A população carcerária cresceu, mas não de maneira suficiente. Se todos os mandados que aguardam cumprimento fossem executados, haveria mais 200 mil pessoas no sistema carcerário. Cresceu muito porque aumentou a prática de crimes. O Brasil prende mal. O projeto procura prender melhor.

Tornar crime o bullying, por exemplo, não vai na contramão desse caráter descriminalizador?
Direito penal não é solução para tudo. Perto da descriminalização que a gente fez, a criminalização foi residual. Tem gente que acha que se resolve o problema do bullying sem envolver o direito penal. Hoje se joga toda a responsabilidade para a escola. Mas ela não tem estrutura para resolver. A criminalização pode ajudar. O projeto é muito preocupado em proteger a vítima, que é a grande injustiçada do sistema penal brasileiro.

O professor Renê Dotti alega que deixou a comissão por ela ter sido pautada pela imprensa e pelo marketing do Senado, e por não ter aprofundado a discussão acadêmica. Houve isso?
Ele ficou quatro meses na comissão. Era o relator da parte geral, talvez a mais importante do projeto. Poderia ter chamado os pares acadêmicos à comissão, mas não o fez. Concordo com ele na crítica e a dirijo a ele próprio. Você não pode fazer reforma penal em 2013 às escondidas, juntar uma equipe de sábios a portas fechadas e entregar para a sociedade o fruto da sua sabedoria. Tudo tem de ser exposto de maneira transparente. Reforma às escondidas, só no tempo da ditadura.

Há risco de insegurança jurídica com essa proposta, como apontam alguns críticos?
Insegurança jurídica nós temos com o Código Penal de hoje.
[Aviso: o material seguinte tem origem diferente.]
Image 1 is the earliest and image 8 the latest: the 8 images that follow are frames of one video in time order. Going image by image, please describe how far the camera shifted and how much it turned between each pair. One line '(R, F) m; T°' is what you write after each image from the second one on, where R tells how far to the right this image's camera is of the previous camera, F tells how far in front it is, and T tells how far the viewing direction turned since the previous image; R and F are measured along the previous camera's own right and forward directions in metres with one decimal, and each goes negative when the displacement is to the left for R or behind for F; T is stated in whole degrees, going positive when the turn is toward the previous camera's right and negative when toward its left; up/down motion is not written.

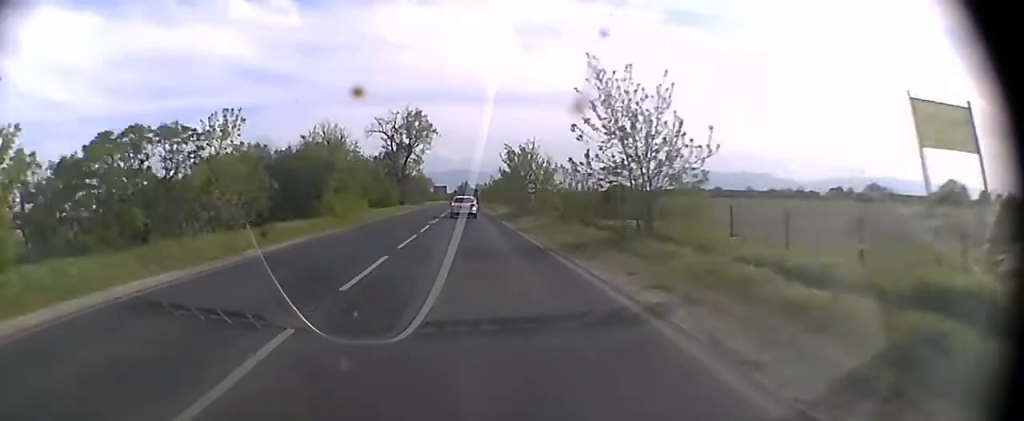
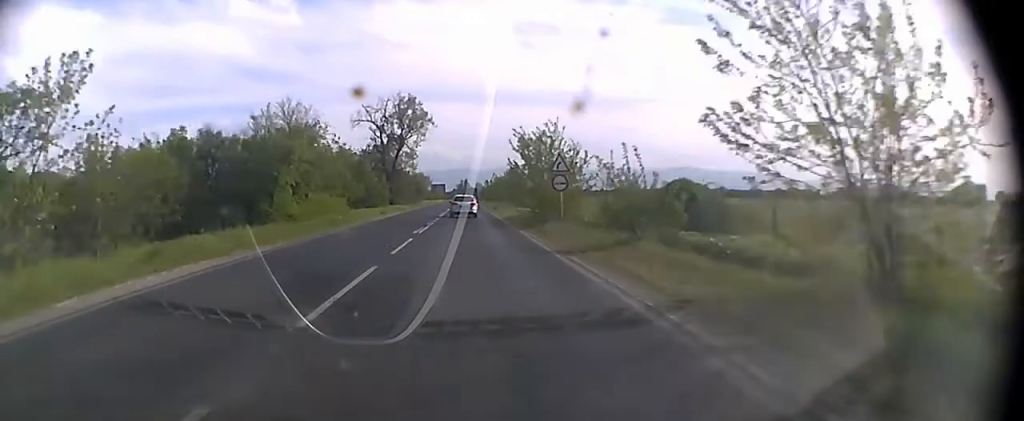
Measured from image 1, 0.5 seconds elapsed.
(0.0, +11.3) m; 0°
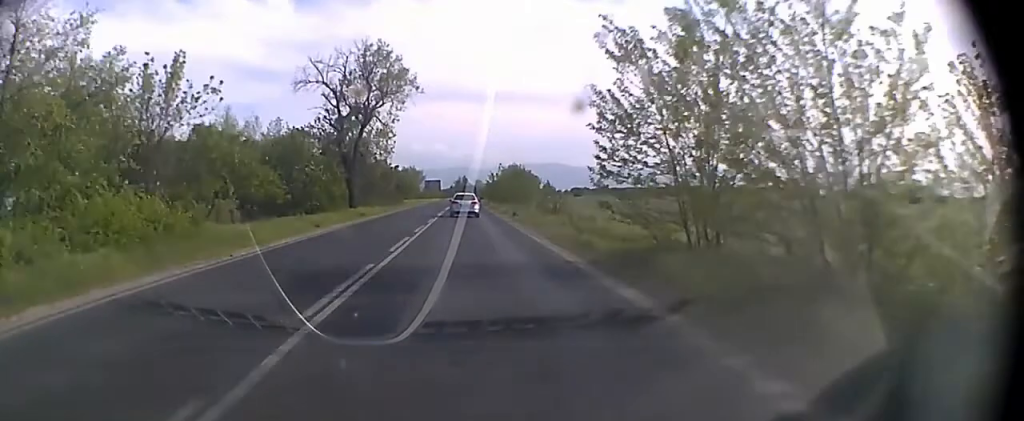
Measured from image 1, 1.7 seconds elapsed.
(0.0, +26.9) m; 0°
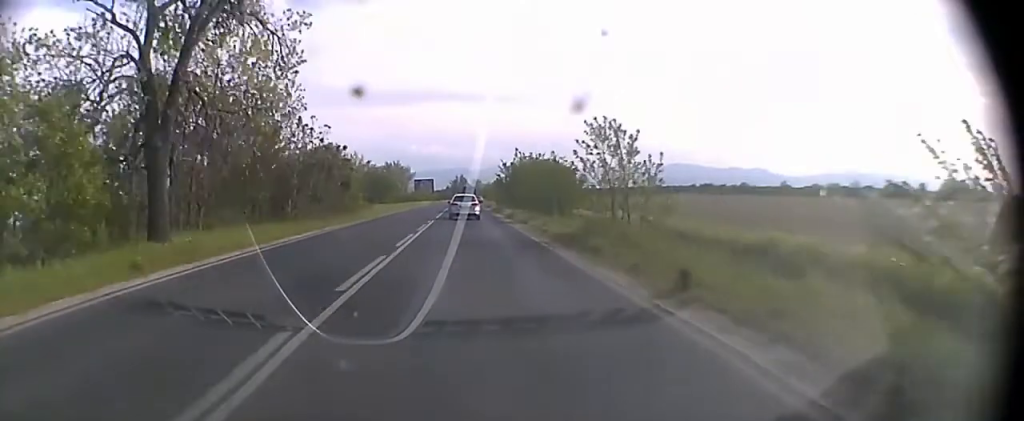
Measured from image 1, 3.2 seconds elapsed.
(+0.1, +33.4) m; 0°
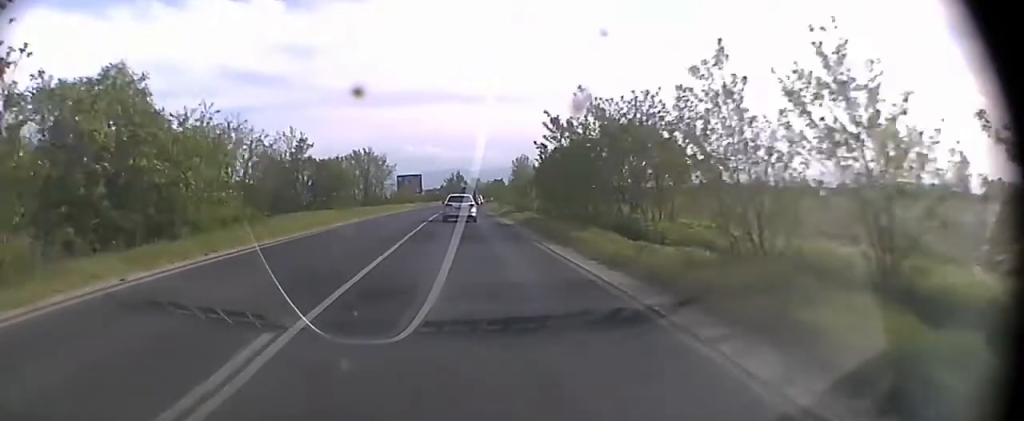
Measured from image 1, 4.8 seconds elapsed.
(0.0, +35.6) m; 0°
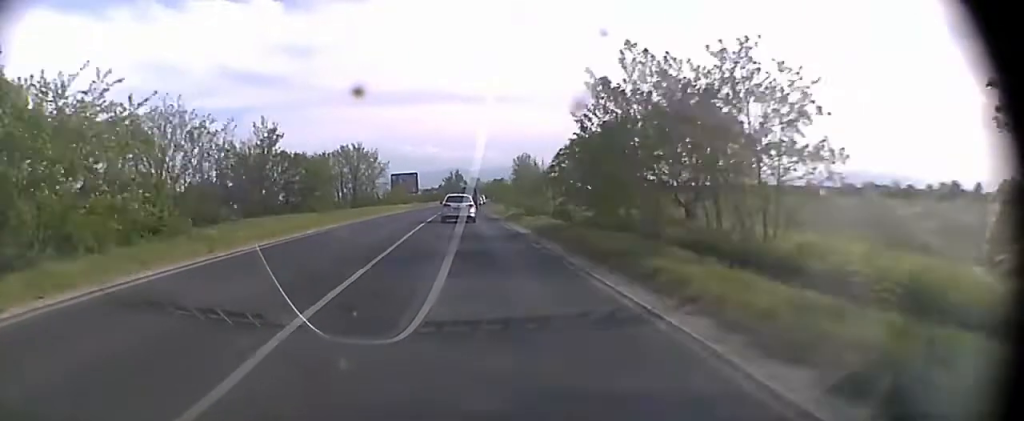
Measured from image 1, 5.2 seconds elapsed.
(0.0, +8.9) m; 0°
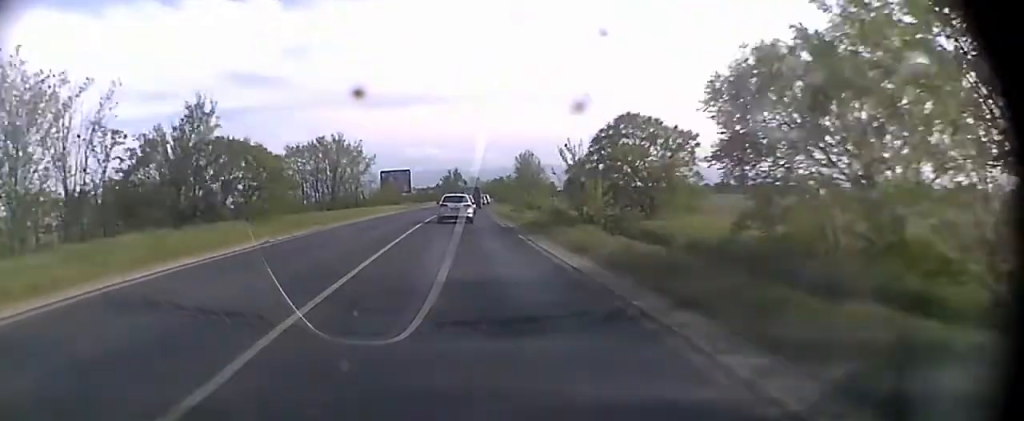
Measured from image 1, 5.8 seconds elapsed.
(0.0, +13.4) m; 0°
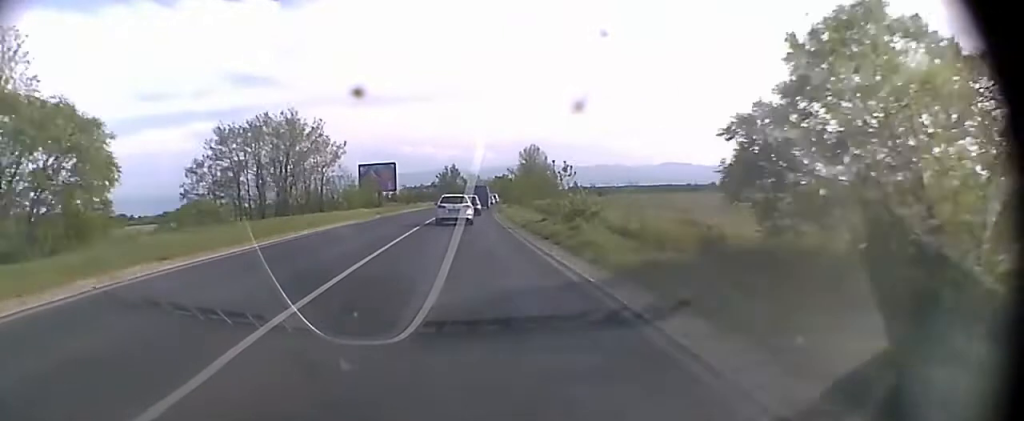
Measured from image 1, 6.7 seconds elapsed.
(0.0, +20.0) m; 0°

Quem fez o Código de hoje não foi capaz de distinguir dolo e culpa, que são lições primárias do direito penal. Se o sujeito atropela, dependendo do lugar, vai responder por homicídio culposo; dependendo, vai responder por até 30 anos de cadeia.

Há críticas em relação ao fim do livramento condicional, proposto pelo projeto. Qual a vantagem de acabar com esse benefício do preso?
A gente entendeu que o livramento condicional estava mordendo o mesmo espaço da progressão de regime, só que ela é muito superior. Na progressão, o preso vai do regime mais severo para o mais brando. O projeto aumentou o lapso para a progressão de regime dos crimes violentos ou de grave ameaça. Hoje, no livramento condicional, o cara está na penitenciária e amanhã está na rua. Essa solução de ir devolvendo a pessoa à sociedade gradualmente me parece mais interessante. Não vai superlotar os presídios.

Como o senhor define o projeto do ponto de vista ideológico? Tem viés conservador e liberal ao mesmo tempo?
É um projeto de marca liberal do começo ao fim. Mas preocupado com a questão da defesa da sociedade contra a impunidade. Ele foi liberal até o ponto em que a solução reclamava solução contrária. O projeto não tem linha única. Ele foi construído com diálogos na busca de um consenso. Não foi monólogo. As penas aumentadas pelo projeto são raríssimas.  No geral, ele as diminui.